Não há sinais muito visíveis de desabastecimento na Faixa de Gaza, apesar de a Passagem de Karni, por onde entram e saem os produtos, estar fechada há dez dias. O Programa Mundial de Alimentação da ONU estima, no entanto, que o preço da farinha de trigo tenha subido 40%, e a escassez comece dentro de duas a quatro semanas.
A situação esteve relativamente tranqüila ontem – com exceção de um choque no sul do território entre o Exército israelense e milicianos palestinos, que deixou seis palestinos mortos e um israelense ferido. E do lançamento de cinco foguetes Qassam pelo Hamas no Deserto do Neguev, que deixou três israelenses feridos.

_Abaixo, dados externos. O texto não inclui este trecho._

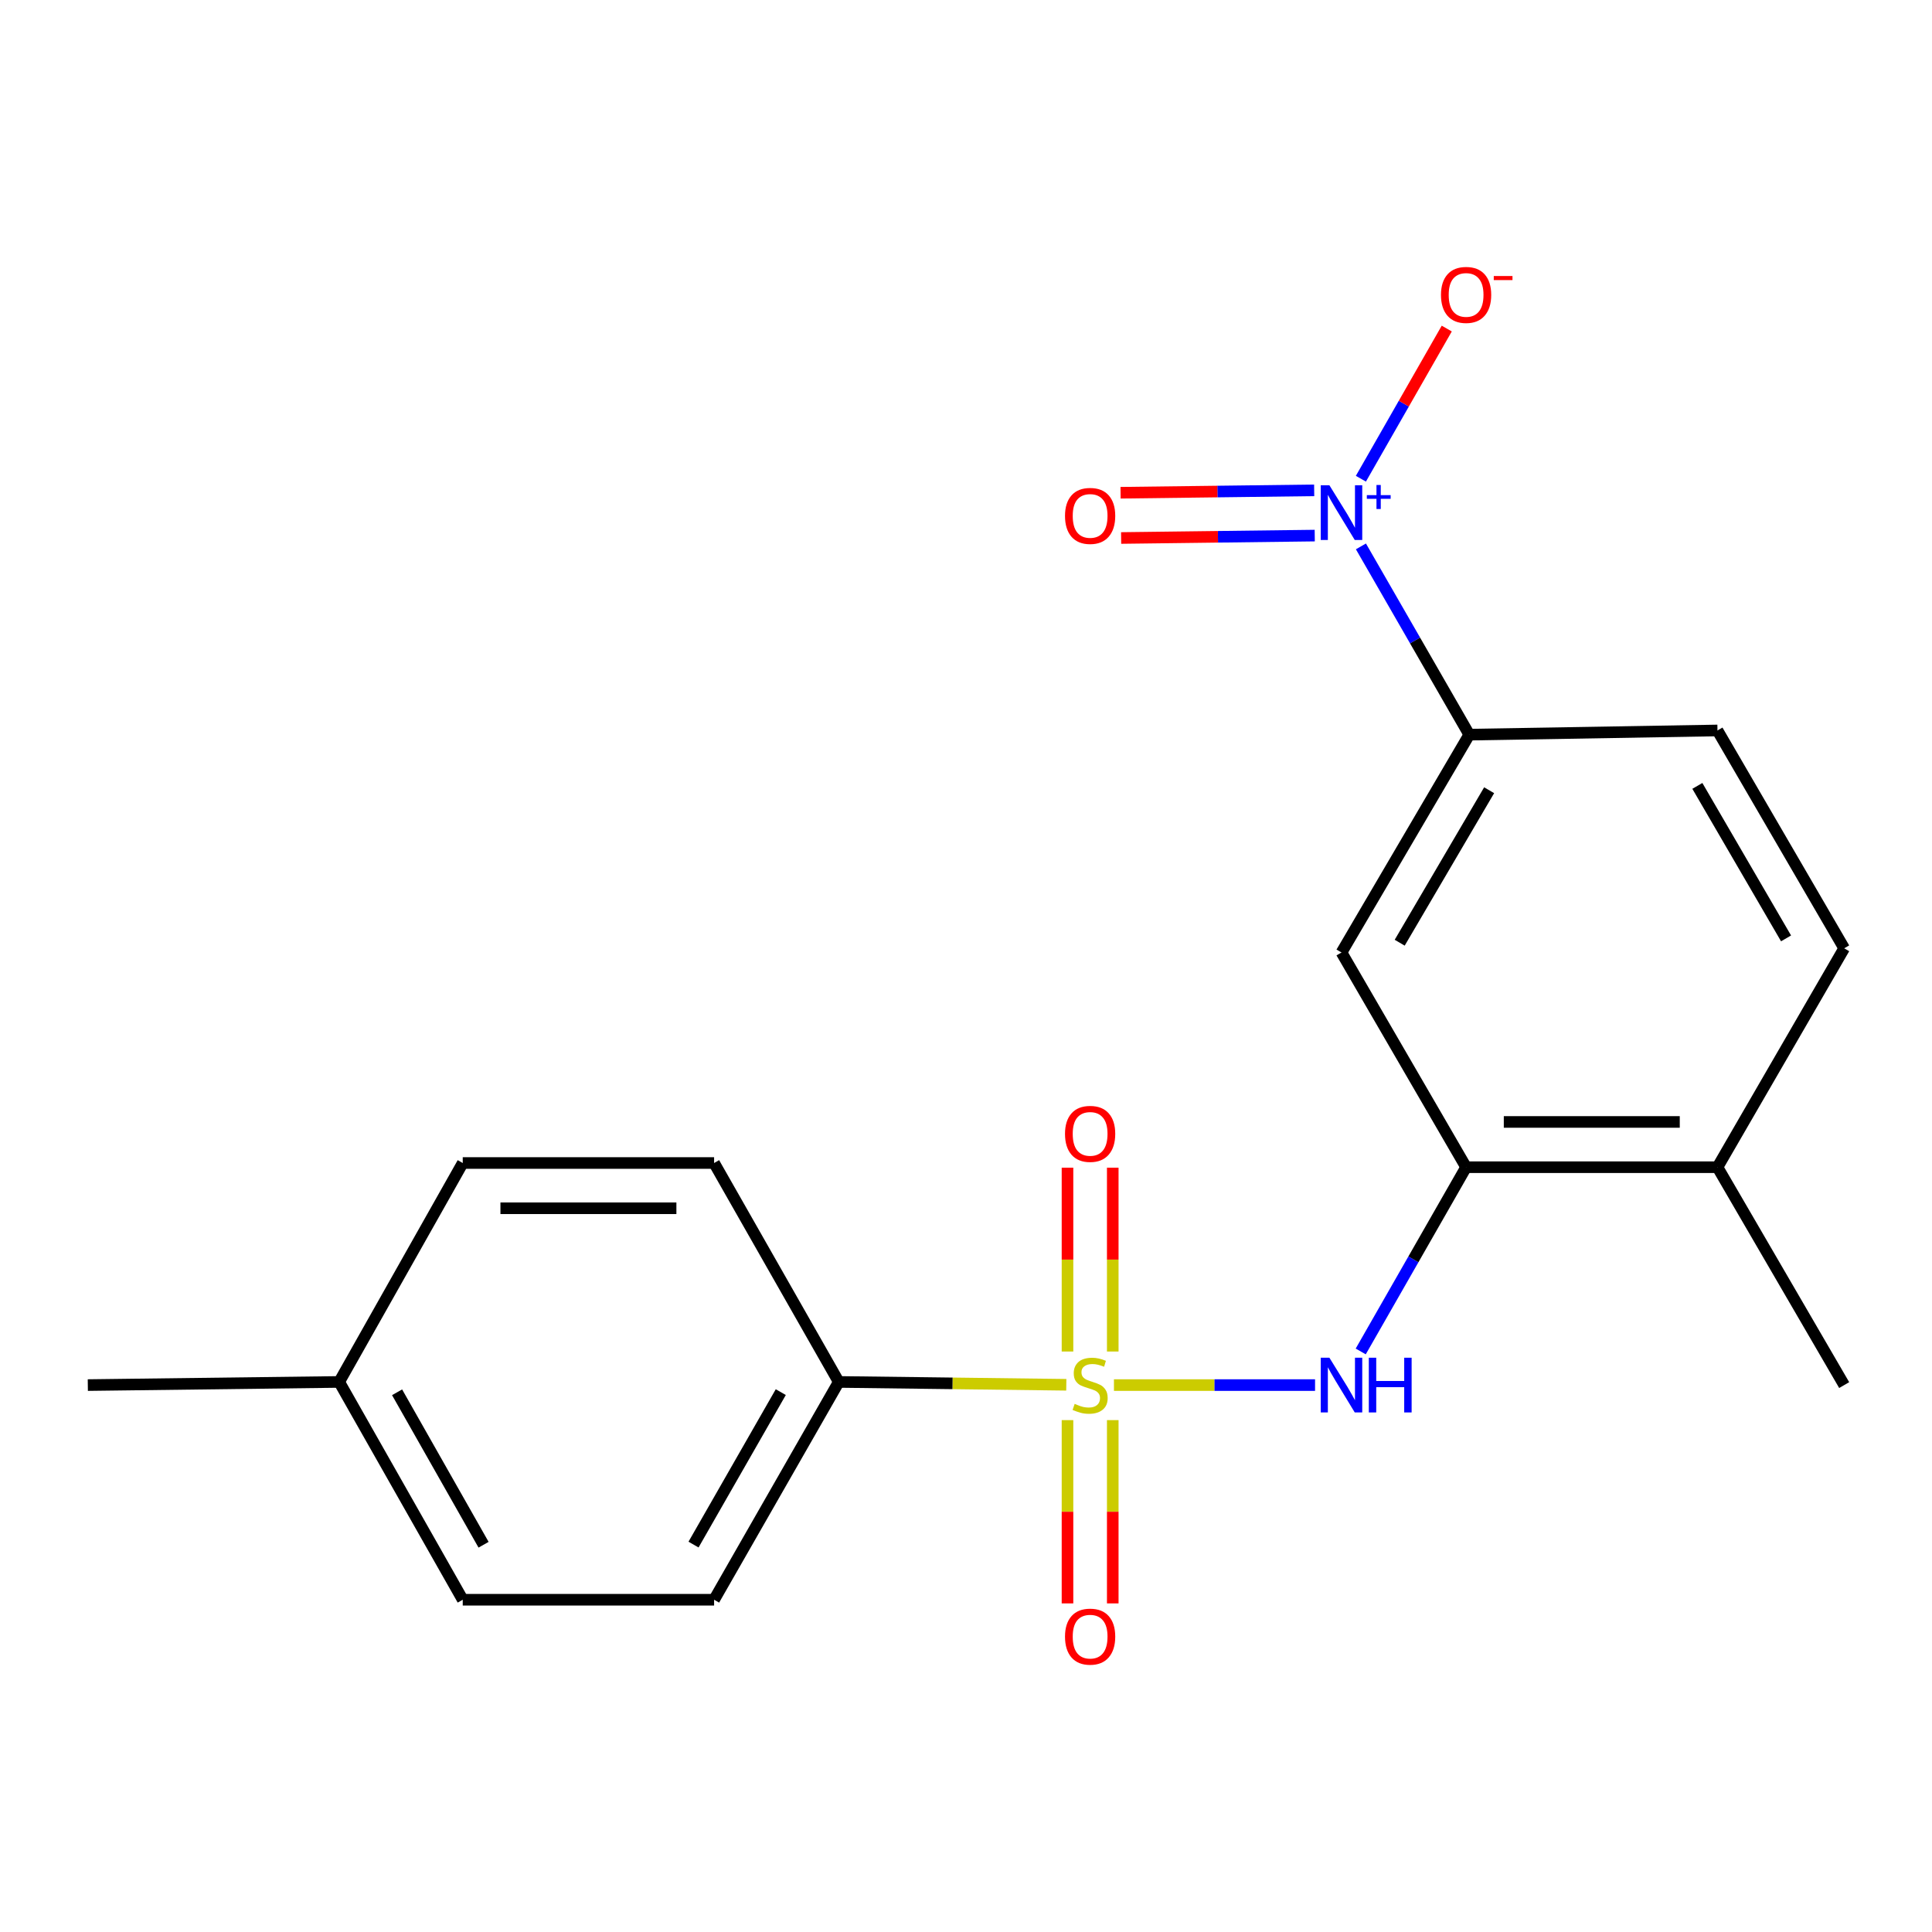 <?xml version='1.0' encoding='iso-8859-1'?>
<svg version='1.1' baseProfile='full'
              xmlns='http://www.w3.org/2000/svg'
                      xmlns:rdkit='http://www.rdkit.org/xml'
                      xmlns:xlink='http://www.w3.org/1999/xlink'
                  xml:space='preserve'
width='1000px' height='1000px' viewBox='0 0 1000 1000'>
<!-- END OF HEADER -->
<rect style='opacity:1.0;fill:#FFFFFF;stroke:none' width='1000' height='1000' x='0' y='0'> </rect>
<path class='bond-1' d='M 576.58,716.916 L 628.625,716.916' style='fill:none;fill-rule:evenodd;stroke:#CCCC00;stroke-width:6px;stroke-linecap:butt;stroke-linejoin:miter;stroke-opacity:1' />
<path class='bond-1' d='M 628.625,716.916 L 680.671,716.916' style='fill:none;fill-rule:evenodd;stroke:#0000FF;stroke-width:6px;stroke-linecap:butt;stroke-linejoin:miter;stroke-opacity:1' />
<path class='bond-5' d='M 551.914,716.762 L 493.027,716.025' style='fill:none;fill-rule:evenodd;stroke:#CCCC00;stroke-width:6px;stroke-linecap:butt;stroke-linejoin:miter;stroke-opacity:1' />
<path class='bond-5' d='M 493.027,716.025 L 434.139,715.289' style='fill:none;fill-rule:evenodd;stroke:#000000;stroke-width:6px;stroke-linecap:butt;stroke-linejoin:miter;stroke-opacity:1' />
<path class='bond-6' d='M 575.959,699.543 L 575.959,651.965' style='fill:none;fill-rule:evenodd;stroke:#CCCC00;stroke-width:6px;stroke-linecap:butt;stroke-linejoin:miter;stroke-opacity:1' />
<path class='bond-6' d='M 575.959,651.965 L 575.959,604.386' style='fill:none;fill-rule:evenodd;stroke:#FF0000;stroke-width:6px;stroke-linecap:butt;stroke-linejoin:miter;stroke-opacity:1' />
<path class='bond-6' d='M 552.535,699.543 L 552.535,651.965' style='fill:none;fill-rule:evenodd;stroke:#CCCC00;stroke-width:6px;stroke-linecap:butt;stroke-linejoin:miter;stroke-opacity:1' />
<path class='bond-6' d='M 552.535,651.965 L 552.535,604.386' style='fill:none;fill-rule:evenodd;stroke:#FF0000;stroke-width:6px;stroke-linecap:butt;stroke-linejoin:miter;stroke-opacity:1' />
<path class='bond-7' d='M 552.535,735.049 L 552.535,782.483' style='fill:none;fill-rule:evenodd;stroke:#CCCC00;stroke-width:6px;stroke-linecap:butt;stroke-linejoin:miter;stroke-opacity:1' />
<path class='bond-7' d='M 552.535,782.483 L 552.535,829.917' style='fill:none;fill-rule:evenodd;stroke:#FF0000;stroke-width:6px;stroke-linecap:butt;stroke-linejoin:miter;stroke-opacity:1' />
<path class='bond-7' d='M 575.959,735.049 L 575.959,782.483' style='fill:none;fill-rule:evenodd;stroke:#CCCC00;stroke-width:6px;stroke-linecap:butt;stroke-linejoin:miter;stroke-opacity:1' />
<path class='bond-7' d='M 575.959,782.483 L 575.959,829.917' style='fill:none;fill-rule:evenodd;stroke:#FF0000;stroke-width:6px;stroke-linecap:butt;stroke-linejoin:miter;stroke-opacity:1' />
<path class='bond-0' d='M 704.412,282.812 L 732.451,331.535' style='fill:none;fill-rule:evenodd;stroke:#0000FF;stroke-width:6px;stroke-linecap:butt;stroke-linejoin:miter;stroke-opacity:1' />
<path class='bond-0' d='M 732.451,331.535 L 760.489,380.259' style='fill:none;fill-rule:evenodd;stroke:#000000;stroke-width:6px;stroke-linecap:butt;stroke-linejoin:miter;stroke-opacity:1' />
<path class='bond-8' d='M 704.396,247.781 L 726.618,208.923' style='fill:none;fill-rule:evenodd;stroke:#0000FF;stroke-width:6px;stroke-linecap:butt;stroke-linejoin:miter;stroke-opacity:1' />
<path class='bond-8' d='M 726.618,208.923 L 748.84,170.065' style='fill:none;fill-rule:evenodd;stroke:#FF0000;stroke-width:6px;stroke-linecap:butt;stroke-linejoin:miter;stroke-opacity:1' />
<path class='bond-9' d='M 680.217,253.8 L 630.111,254.421' style='fill:none;fill-rule:evenodd;stroke:#0000FF;stroke-width:6px;stroke-linecap:butt;stroke-linejoin:miter;stroke-opacity:1' />
<path class='bond-9' d='M 630.111,254.421 L 580.005,255.043' style='fill:none;fill-rule:evenodd;stroke:#FF0000;stroke-width:6px;stroke-linecap:butt;stroke-linejoin:miter;stroke-opacity:1' />
<path class='bond-9' d='M 680.508,277.222 L 630.402,277.844' style='fill:none;fill-rule:evenodd;stroke:#0000FF;stroke-width:6px;stroke-linecap:butt;stroke-linejoin:miter;stroke-opacity:1' />
<path class='bond-9' d='M 630.402,277.844 L 580.296,278.465' style='fill:none;fill-rule:evenodd;stroke:#FF0000;stroke-width:6px;stroke-linecap:butt;stroke-linejoin:miter;stroke-opacity:1' />
<path class='bond-2' d='M 704.311,699.508 L 731.58,651.825' style='fill:none;fill-rule:evenodd;stroke:#0000FF;stroke-width:6px;stroke-linecap:butt;stroke-linejoin:miter;stroke-opacity:1' />
<path class='bond-2' d='M 731.58,651.825 L 758.85,604.142' style='fill:none;fill-rule:evenodd;stroke:#000000;stroke-width:6px;stroke-linecap:butt;stroke-linejoin:miter;stroke-opacity:1' />
<path class='bond-4' d='M 758.85,604.142 L 694.355,493.007' style='fill:none;fill-rule:evenodd;stroke:#000000;stroke-width:6px;stroke-linecap:butt;stroke-linejoin:miter;stroke-opacity:1' />
<path class='bond-10' d='M 758.85,604.142 L 888.958,604.142' style='fill:none;fill-rule:evenodd;stroke:#000000;stroke-width:6px;stroke-linecap:butt;stroke-linejoin:miter;stroke-opacity:1' />
<path class='bond-10' d='M 778.366,580.717 L 869.442,580.717' style='fill:none;fill-rule:evenodd;stroke:#000000;stroke-width:6px;stroke-linecap:butt;stroke-linejoin:miter;stroke-opacity:1' />
<path class='bond-3' d='M 760.489,380.259 L 694.355,493.007' style='fill:none;fill-rule:evenodd;stroke:#000000;stroke-width:6px;stroke-linecap:butt;stroke-linejoin:miter;stroke-opacity:1' />
<path class='bond-3' d='M 770.774,409.022 L 724.48,487.946' style='fill:none;fill-rule:evenodd;stroke:#000000;stroke-width:6px;stroke-linecap:butt;stroke-linejoin:miter;stroke-opacity:1' />
<path class='bond-21' d='M 760.489,380.259 L 888.958,378.086' style='fill:none;fill-rule:evenodd;stroke:#000000;stroke-width:6px;stroke-linecap:butt;stroke-linejoin:miter;stroke-opacity:1' />
<path class='bond-13' d='M 434.139,715.289 L 369.619,828.024' style='fill:none;fill-rule:evenodd;stroke:#000000;stroke-width:6px;stroke-linecap:butt;stroke-linejoin:miter;stroke-opacity:1' />
<path class='bond-13' d='M 404.131,720.564 L 358.967,799.479' style='fill:none;fill-rule:evenodd;stroke:#000000;stroke-width:6px;stroke-linecap:butt;stroke-linejoin:miter;stroke-opacity:1' />
<path class='bond-14' d='M 434.139,715.289 L 369.619,601.968' style='fill:none;fill-rule:evenodd;stroke:#000000;stroke-width:6px;stroke-linecap:butt;stroke-linejoin:miter;stroke-opacity:1' />
<path class='bond-12' d='M 888.958,604.142 L 954.545,490.847' style='fill:none;fill-rule:evenodd;stroke:#000000;stroke-width:6px;stroke-linecap:butt;stroke-linejoin:miter;stroke-opacity:1' />
<path class='bond-18' d='M 888.958,604.142 L 954.545,716.916' style='fill:none;fill-rule:evenodd;stroke:#000000;stroke-width:6px;stroke-linecap:butt;stroke-linejoin:miter;stroke-opacity:1' />
<path class='bond-11' d='M 888.958,378.086 L 954.545,490.847' style='fill:none;fill-rule:evenodd;stroke:#000000;stroke-width:6px;stroke-linecap:butt;stroke-linejoin:miter;stroke-opacity:1' />
<path class='bond-11' d='M 878.548,406.777 L 924.459,485.71' style='fill:none;fill-rule:evenodd;stroke:#000000;stroke-width:6px;stroke-linecap:butt;stroke-linejoin:miter;stroke-opacity:1' />
<path class='bond-15' d='M 369.619,828.024 L 239.511,828.024' style='fill:none;fill-rule:evenodd;stroke:#000000;stroke-width:6px;stroke-linecap:butt;stroke-linejoin:miter;stroke-opacity:1' />
<path class='bond-16' d='M 369.619,601.968 L 239.511,601.968' style='fill:none;fill-rule:evenodd;stroke:#000000;stroke-width:6px;stroke-linecap:butt;stroke-linejoin:miter;stroke-opacity:1' />
<path class='bond-16' d='M 350.102,625.392 L 259.027,625.392' style='fill:none;fill-rule:evenodd;stroke:#000000;stroke-width:6px;stroke-linecap:butt;stroke-linejoin:miter;stroke-opacity:1' />
<path class='bond-20' d='M 239.511,828.024 L 175.563,715.289' style='fill:none;fill-rule:evenodd;stroke:#000000;stroke-width:6px;stroke-linecap:butt;stroke-linejoin:miter;stroke-opacity:1' />
<path class='bond-20' d='M 250.293,799.557 L 205.529,720.642' style='fill:none;fill-rule:evenodd;stroke:#000000;stroke-width:6px;stroke-linecap:butt;stroke-linejoin:miter;stroke-opacity:1' />
<path class='bond-17' d='M 239.511,601.968 L 175.563,715.289' style='fill:none;fill-rule:evenodd;stroke:#000000;stroke-width:6px;stroke-linecap:butt;stroke-linejoin:miter;stroke-opacity:1' />
<path class='bond-19' d='M 175.563,715.289 L 45.455,716.916' style='fill:none;fill-rule:evenodd;stroke:#000000;stroke-width:6px;stroke-linecap:butt;stroke-linejoin:miter;stroke-opacity:1' />
<path  class='atom-0' d='M 556.247 726.636
Q 556.567 726.756, 557.887 727.316
Q 559.207 727.876, 560.647 728.236
Q 562.127 728.556, 563.567 728.556
Q 566.247 728.556, 567.807 727.276
Q 569.367 725.956, 569.367 723.676
Q 569.367 722.116, 568.567 721.156
Q 567.807 720.196, 566.607 719.676
Q 565.407 719.156, 563.407 718.556
Q 560.887 717.796, 559.367 717.076
Q 557.887 716.356, 556.807 714.836
Q 555.767 713.316, 555.767 710.756
Q 555.767 707.196, 558.167 704.996
Q 560.607 702.796, 565.407 702.796
Q 568.687 702.796, 572.407 704.356
L 571.487 707.436
Q 568.087 706.036, 565.527 706.036
Q 562.767 706.036, 561.247 707.196
Q 559.727 708.316, 559.767 710.276
Q 559.767 711.796, 560.527 712.716
Q 561.327 713.636, 562.447 714.156
Q 563.607 714.676, 565.527 715.276
Q 568.087 716.076, 569.607 716.876
Q 571.127 717.676, 572.207 719.316
Q 573.327 720.916, 573.327 723.676
Q 573.327 727.596, 570.687 729.716
Q 568.087 731.796, 563.727 731.796
Q 561.207 731.796, 559.287 731.236
Q 557.407 730.716, 555.167 729.796
L 556.247 726.636
' fill='#CCCC00'/>
<path  class='atom-1' d='M 688.095 251.177
L 697.375 266.177
Q 698.295 267.657, 699.775 270.337
Q 701.255 273.017, 701.335 273.177
L 701.335 251.177
L 705.095 251.177
L 705.095 279.497
L 701.215 279.497
L 691.255 263.097
Q 690.095 261.177, 688.855 258.977
Q 687.655 256.777, 687.295 256.097
L 687.295 279.497
L 683.615 279.497
L 683.615 251.177
L 688.095 251.177
' fill='#0000FF'/>
<path  class='atom-1' d='M 707.471 256.282
L 712.461 256.282
L 712.461 251.029
L 714.679 251.029
L 714.679 256.282
L 719.8 256.282
L 719.8 258.183
L 714.679 258.183
L 714.679 263.463
L 712.461 263.463
L 712.461 258.183
L 707.471 258.183
L 707.471 256.282
' fill='#0000FF'/>
<path  class='atom-2' d='M 688.095 702.756
L 697.375 717.756
Q 698.295 719.236, 699.775 721.916
Q 701.255 724.596, 701.335 724.756
L 701.335 702.756
L 705.095 702.756
L 705.095 731.076
L 701.215 731.076
L 691.255 714.676
Q 690.095 712.756, 688.855 710.556
Q 687.655 708.356, 687.295 707.676
L 687.295 731.076
L 683.615 731.076
L 683.615 702.756
L 688.095 702.756
' fill='#0000FF'/>
<path  class='atom-2' d='M 708.495 702.756
L 712.335 702.756
L 712.335 714.796
L 726.815 714.796
L 726.815 702.756
L 730.655 702.756
L 730.655 731.076
L 726.815 731.076
L 726.815 717.996
L 712.335 717.996
L 712.335 731.076
L 708.495 731.076
L 708.495 702.756
' fill='#0000FF'/>
<path  class='atom-7' d='M 551.247 586.888
Q 551.247 580.088, 554.607 576.288
Q 557.967 572.488, 564.247 572.488
Q 570.527 572.488, 573.887 576.288
Q 577.247 580.088, 577.247 586.888
Q 577.247 593.768, 573.847 597.688
Q 570.447 601.568, 564.247 601.568
Q 558.007 601.568, 554.607 597.688
Q 551.247 593.808, 551.247 586.888
M 564.247 598.368
Q 568.567 598.368, 570.887 595.488
Q 573.247 592.568, 573.247 586.888
Q 573.247 581.328, 570.887 578.528
Q 568.567 575.688, 564.247 575.688
Q 559.927 575.688, 557.567 578.488
Q 555.247 581.288, 555.247 586.888
Q 555.247 592.608, 557.567 595.488
Q 559.927 598.368, 564.247 598.368
' fill='#FF0000'/>
<path  class='atom-8' d='M 551.247 847.117
Q 551.247 840.317, 554.607 836.517
Q 557.967 832.717, 564.247 832.717
Q 570.527 832.717, 573.887 836.517
Q 577.247 840.317, 577.247 847.117
Q 577.247 853.997, 573.847 857.917
Q 570.447 861.797, 564.247 861.797
Q 558.007 861.797, 554.607 857.917
Q 551.247 854.037, 551.247 847.117
M 564.247 858.597
Q 568.567 858.597, 570.887 855.717
Q 573.247 852.797, 573.247 847.117
Q 573.247 841.557, 570.887 838.757
Q 568.567 835.917, 564.247 835.917
Q 559.927 835.917, 557.567 838.717
Q 555.247 841.517, 555.247 847.117
Q 555.247 852.837, 557.567 855.717
Q 559.927 858.597, 564.247 858.597
' fill='#FF0000'/>
<path  class='atom-9' d='M 745.85 152.643
Q 745.85 145.843, 749.21 142.043
Q 752.57 138.243, 758.85 138.243
Q 765.13 138.243, 768.49 142.043
Q 771.85 145.843, 771.85 152.643
Q 771.85 159.523, 768.45 163.443
Q 765.05 167.323, 758.85 167.323
Q 752.61 167.323, 749.21 163.443
Q 745.85 159.563, 745.85 152.643
M 758.85 164.123
Q 763.17 164.123, 765.49 161.243
Q 767.85 158.323, 767.85 152.643
Q 767.85 147.083, 765.49 144.283
Q 763.17 141.443, 758.85 141.443
Q 754.53 141.443, 752.17 144.243
Q 749.85 147.043, 749.85 152.643
Q 749.85 158.363, 752.17 161.243
Q 754.53 164.123, 758.85 164.123
' fill='#FF0000'/>
<path  class='atom-9' d='M 773.17 142.866
L 782.859 142.866
L 782.859 144.978
L 773.17 144.978
L 773.17 142.866
' fill='#FF0000'/>
<path  class='atom-10' d='M 551.247 267.031
Q 551.247 260.231, 554.607 256.431
Q 557.967 252.631, 564.247 252.631
Q 570.527 252.631, 573.887 256.431
Q 577.247 260.231, 577.247 267.031
Q 577.247 273.911, 573.847 277.831
Q 570.447 281.711, 564.247 281.711
Q 558.007 281.711, 554.607 277.831
Q 551.247 273.951, 551.247 267.031
M 564.247 278.511
Q 568.567 278.511, 570.887 275.631
Q 573.247 272.711, 573.247 267.031
Q 573.247 261.471, 570.887 258.671
Q 568.567 255.831, 564.247 255.831
Q 559.927 255.831, 557.567 258.631
Q 555.247 261.431, 555.247 267.031
Q 555.247 272.751, 557.567 275.631
Q 559.927 278.511, 564.247 278.511
' fill='#FF0000'/>
</svg>

Mas as marcas do maior confronto armado entre os palestinos estão por toda parte na cidade, demonstrando que a relativa rapidez com que o Hamas capturou o território – uma semana – não significa que tenha sido sem resistência. As grandes vidraças da fachada do hotel em que o repórter do Estado está hospedado converteram-se em pequenos cacos de vidro azuis amontoados num canto do meio-fio. O carro em que trafega também não tem os vidros de trás, e as rachaduras no seu pára-brisa formam uma teia. Há muitos edifícios parcialmente incendiados ou atingidos por balas de fuzis e metralhadoras.
O balneário Shalihad (chalés), o mais badalado da Praia de Gaza, construído em 1996 por ninguém menos que Suha Arafat, mulher do líder palestino, foi incendiado pelos partidários do Hamas. O pretexto: inimigos do Fatah tinham se abrigado ali. O lugar precisava ser “purificado”. A mensagem, para muitos moradores de Gaza: a “corrupção moral” do nacionalismo secular é passado.